EXERCISE GOAL :: Check each line below for the word "stroke" and give the count alone.
*** Opening of PROVIDED ENTRIES ***
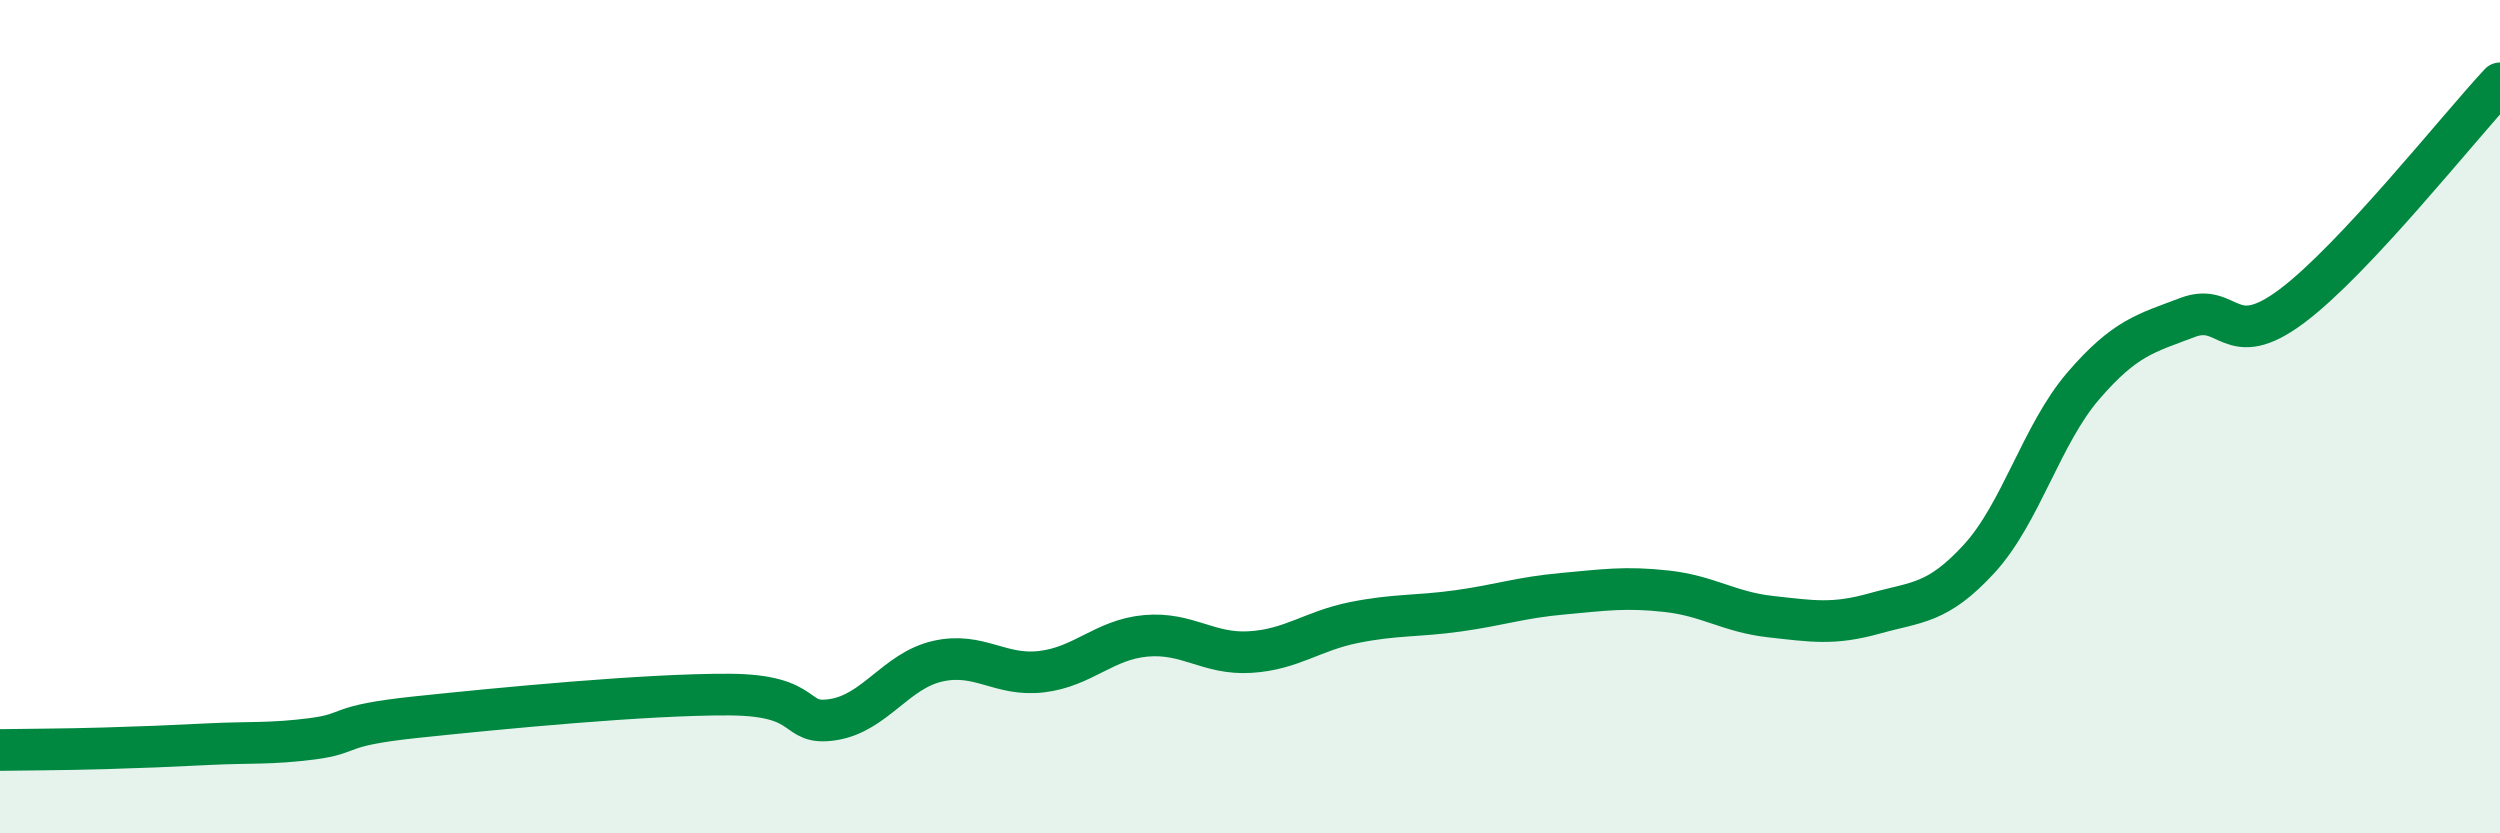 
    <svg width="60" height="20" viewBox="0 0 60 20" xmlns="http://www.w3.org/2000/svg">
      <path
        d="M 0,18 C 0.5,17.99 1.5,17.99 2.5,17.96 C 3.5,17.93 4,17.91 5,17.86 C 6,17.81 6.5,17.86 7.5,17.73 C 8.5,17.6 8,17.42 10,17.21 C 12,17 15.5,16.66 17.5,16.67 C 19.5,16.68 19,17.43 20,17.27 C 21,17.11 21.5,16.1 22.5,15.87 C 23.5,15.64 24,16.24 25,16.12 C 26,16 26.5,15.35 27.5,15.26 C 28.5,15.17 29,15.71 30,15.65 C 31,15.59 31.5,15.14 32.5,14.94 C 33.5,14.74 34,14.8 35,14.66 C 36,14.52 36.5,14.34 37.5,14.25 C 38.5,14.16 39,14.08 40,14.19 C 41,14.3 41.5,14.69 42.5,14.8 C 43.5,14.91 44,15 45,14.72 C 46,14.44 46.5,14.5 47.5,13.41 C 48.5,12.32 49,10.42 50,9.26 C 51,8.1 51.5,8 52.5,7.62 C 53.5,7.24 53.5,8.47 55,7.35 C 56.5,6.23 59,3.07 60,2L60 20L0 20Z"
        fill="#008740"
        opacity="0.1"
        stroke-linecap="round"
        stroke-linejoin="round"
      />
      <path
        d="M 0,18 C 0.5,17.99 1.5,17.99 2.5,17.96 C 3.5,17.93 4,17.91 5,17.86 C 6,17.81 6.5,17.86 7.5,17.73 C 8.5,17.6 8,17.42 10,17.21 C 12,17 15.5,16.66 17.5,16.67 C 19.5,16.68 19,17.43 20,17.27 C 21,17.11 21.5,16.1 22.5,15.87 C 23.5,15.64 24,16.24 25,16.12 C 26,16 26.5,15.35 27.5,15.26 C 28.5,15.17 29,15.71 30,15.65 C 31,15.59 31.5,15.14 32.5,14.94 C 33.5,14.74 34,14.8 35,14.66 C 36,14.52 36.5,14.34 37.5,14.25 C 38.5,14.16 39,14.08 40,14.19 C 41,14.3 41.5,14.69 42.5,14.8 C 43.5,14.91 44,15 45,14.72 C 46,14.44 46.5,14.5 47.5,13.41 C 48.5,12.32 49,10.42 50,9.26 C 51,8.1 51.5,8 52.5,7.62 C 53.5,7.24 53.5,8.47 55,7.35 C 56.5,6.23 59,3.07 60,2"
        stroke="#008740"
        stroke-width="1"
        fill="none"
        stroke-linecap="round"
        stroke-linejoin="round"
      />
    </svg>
*** Close of PROVIDED ENTRIES ***
*** Opening of PROVIDED ENTRIES ***
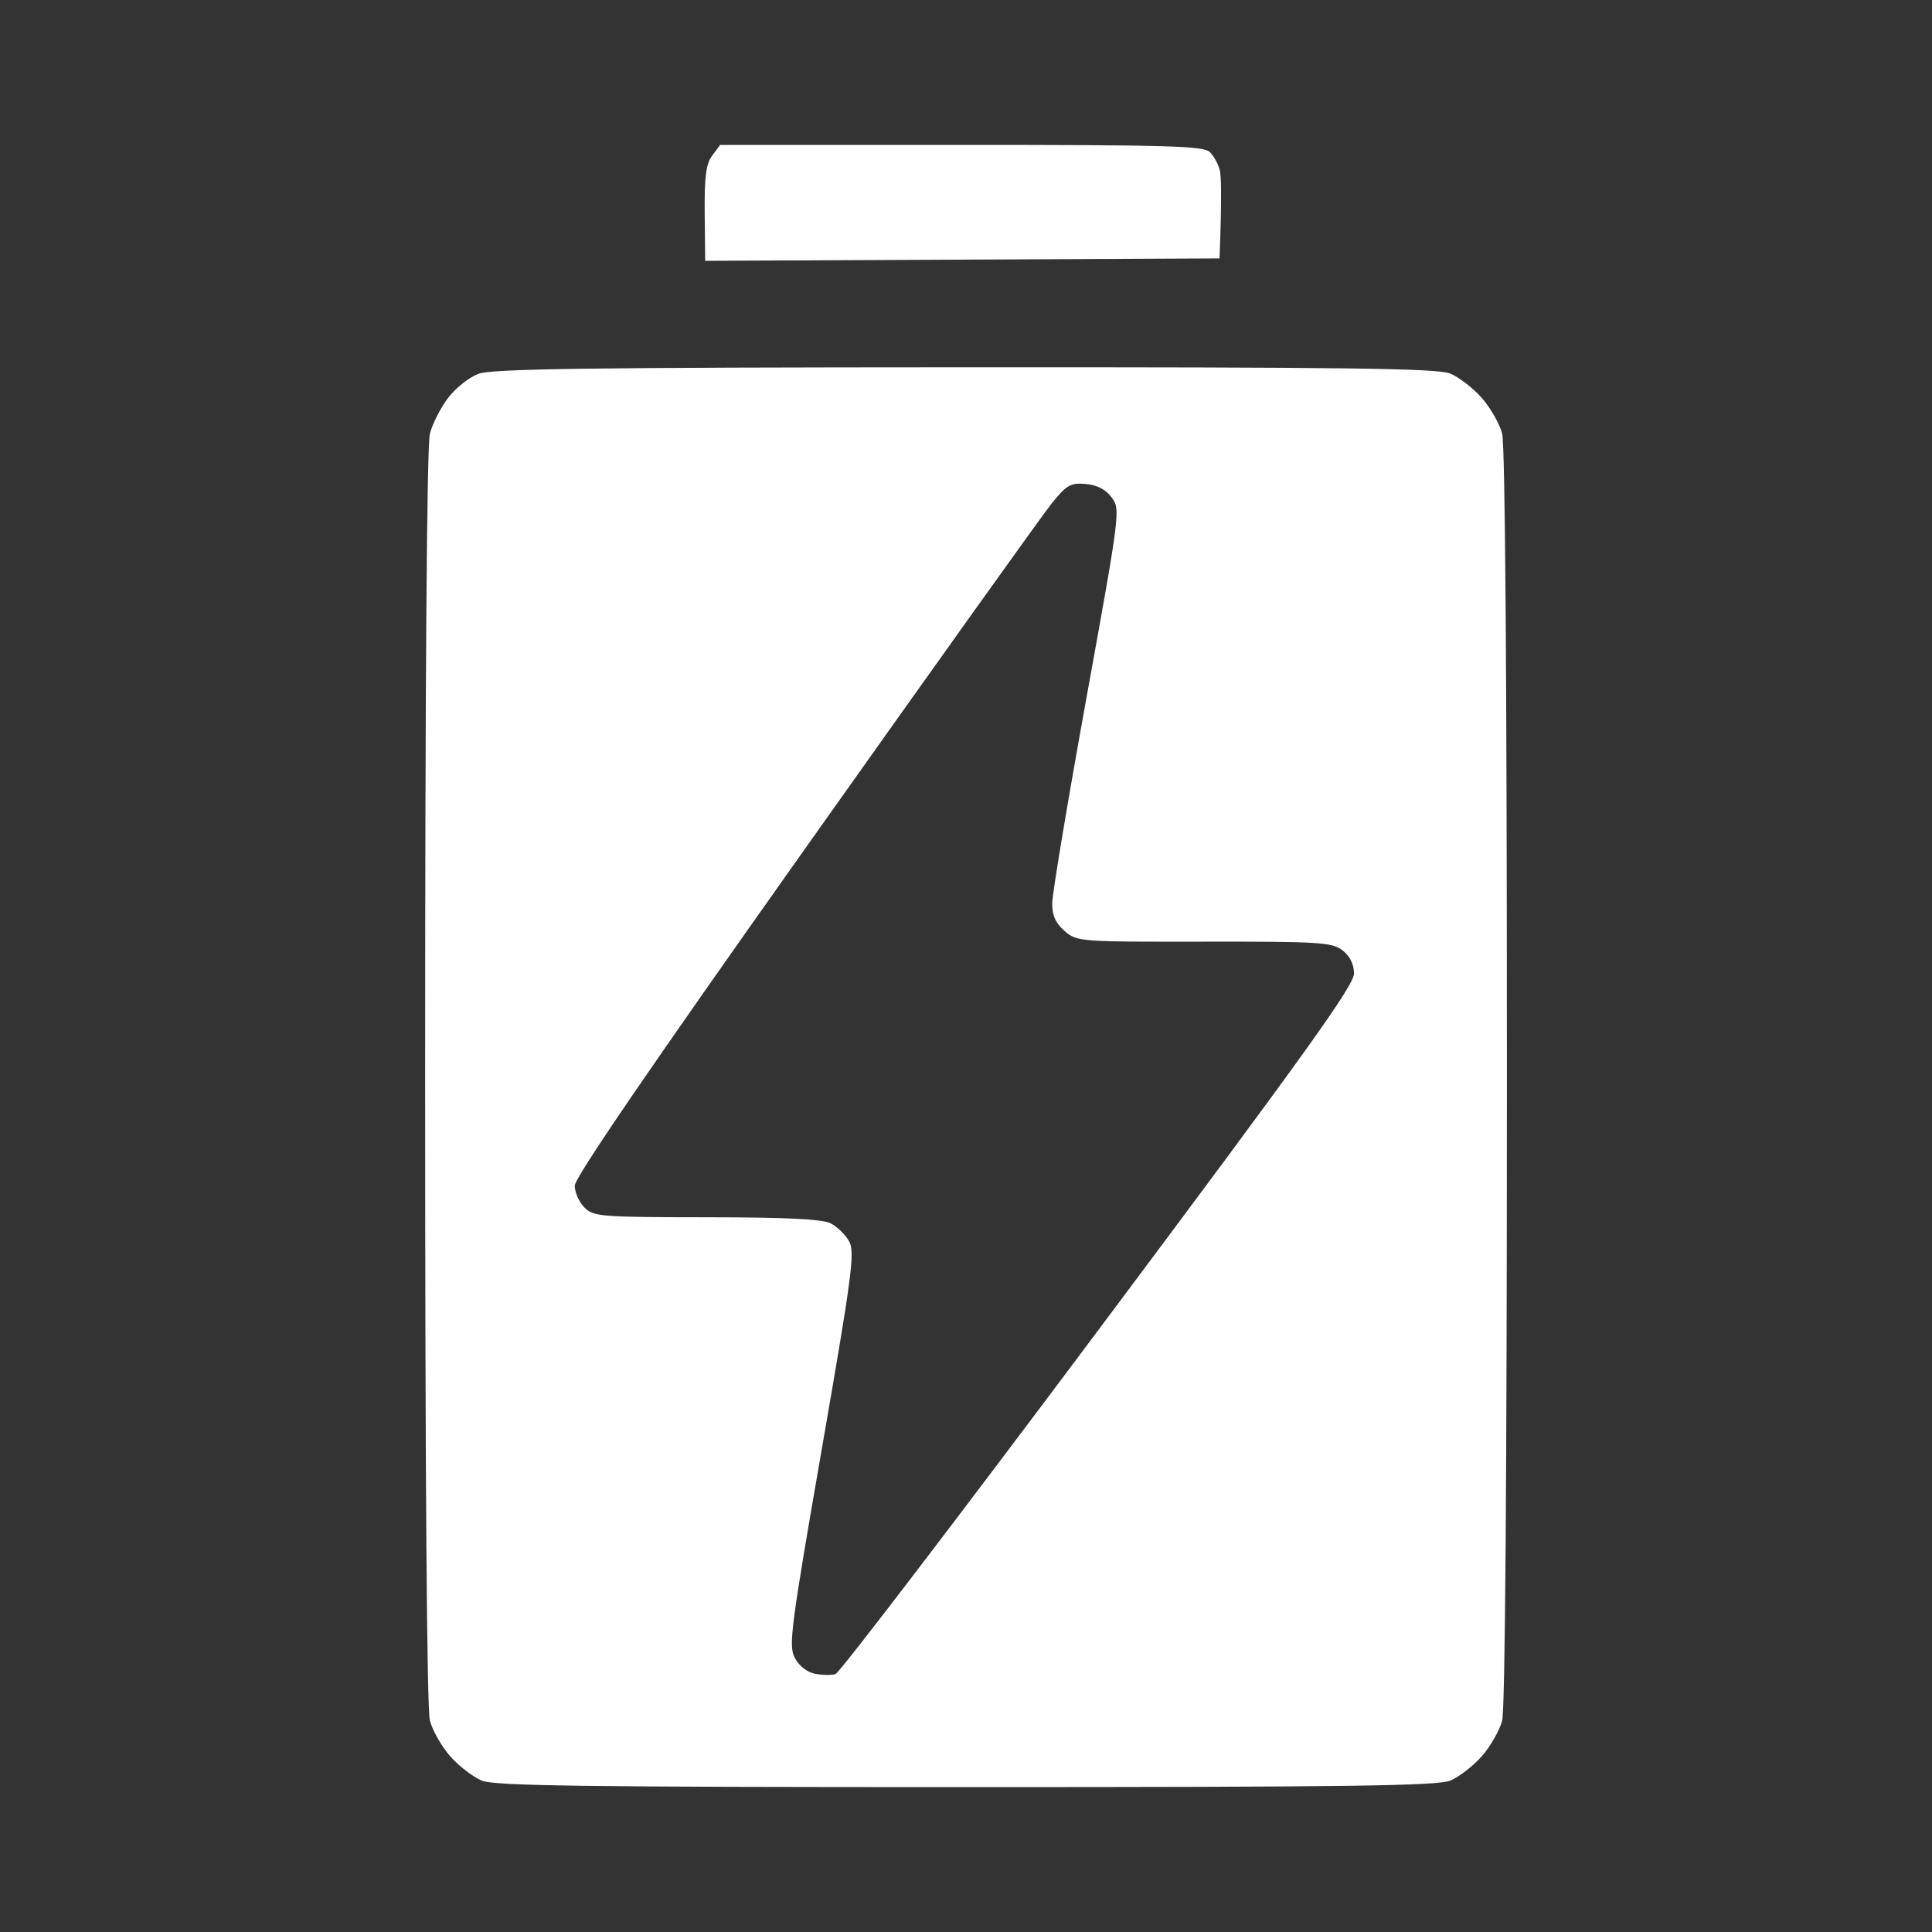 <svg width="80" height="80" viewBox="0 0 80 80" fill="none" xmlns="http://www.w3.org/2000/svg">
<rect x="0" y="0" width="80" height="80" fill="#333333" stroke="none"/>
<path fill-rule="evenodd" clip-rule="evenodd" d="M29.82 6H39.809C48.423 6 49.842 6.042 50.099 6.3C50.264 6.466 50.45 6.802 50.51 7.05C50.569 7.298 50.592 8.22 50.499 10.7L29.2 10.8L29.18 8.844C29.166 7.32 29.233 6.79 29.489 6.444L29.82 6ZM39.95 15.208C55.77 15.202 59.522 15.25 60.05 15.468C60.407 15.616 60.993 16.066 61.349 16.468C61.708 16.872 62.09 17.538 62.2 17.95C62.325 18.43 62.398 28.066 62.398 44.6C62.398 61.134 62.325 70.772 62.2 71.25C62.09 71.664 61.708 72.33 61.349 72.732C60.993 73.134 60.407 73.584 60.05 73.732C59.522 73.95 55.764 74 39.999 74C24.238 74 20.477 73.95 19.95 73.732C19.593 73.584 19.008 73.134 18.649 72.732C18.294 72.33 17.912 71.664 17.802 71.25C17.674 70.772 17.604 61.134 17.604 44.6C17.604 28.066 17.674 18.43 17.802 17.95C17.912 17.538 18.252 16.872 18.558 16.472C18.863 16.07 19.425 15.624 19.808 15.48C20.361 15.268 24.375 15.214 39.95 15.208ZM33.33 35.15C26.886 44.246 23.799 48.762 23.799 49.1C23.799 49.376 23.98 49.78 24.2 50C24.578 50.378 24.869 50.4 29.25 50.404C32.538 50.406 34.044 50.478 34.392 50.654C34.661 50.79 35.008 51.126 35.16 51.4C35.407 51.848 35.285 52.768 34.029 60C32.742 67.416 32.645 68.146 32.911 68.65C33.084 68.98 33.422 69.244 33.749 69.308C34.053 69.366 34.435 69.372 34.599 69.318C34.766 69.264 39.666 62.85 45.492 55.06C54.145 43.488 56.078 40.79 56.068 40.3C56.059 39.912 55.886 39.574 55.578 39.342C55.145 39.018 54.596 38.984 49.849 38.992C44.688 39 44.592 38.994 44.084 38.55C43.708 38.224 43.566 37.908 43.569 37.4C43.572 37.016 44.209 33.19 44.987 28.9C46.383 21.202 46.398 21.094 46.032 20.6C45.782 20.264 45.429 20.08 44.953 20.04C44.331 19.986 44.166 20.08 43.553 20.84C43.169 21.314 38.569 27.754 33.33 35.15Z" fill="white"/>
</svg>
*** Close of PROVIDED ENTRIES ***
COMPLETED EXERCISE :: 7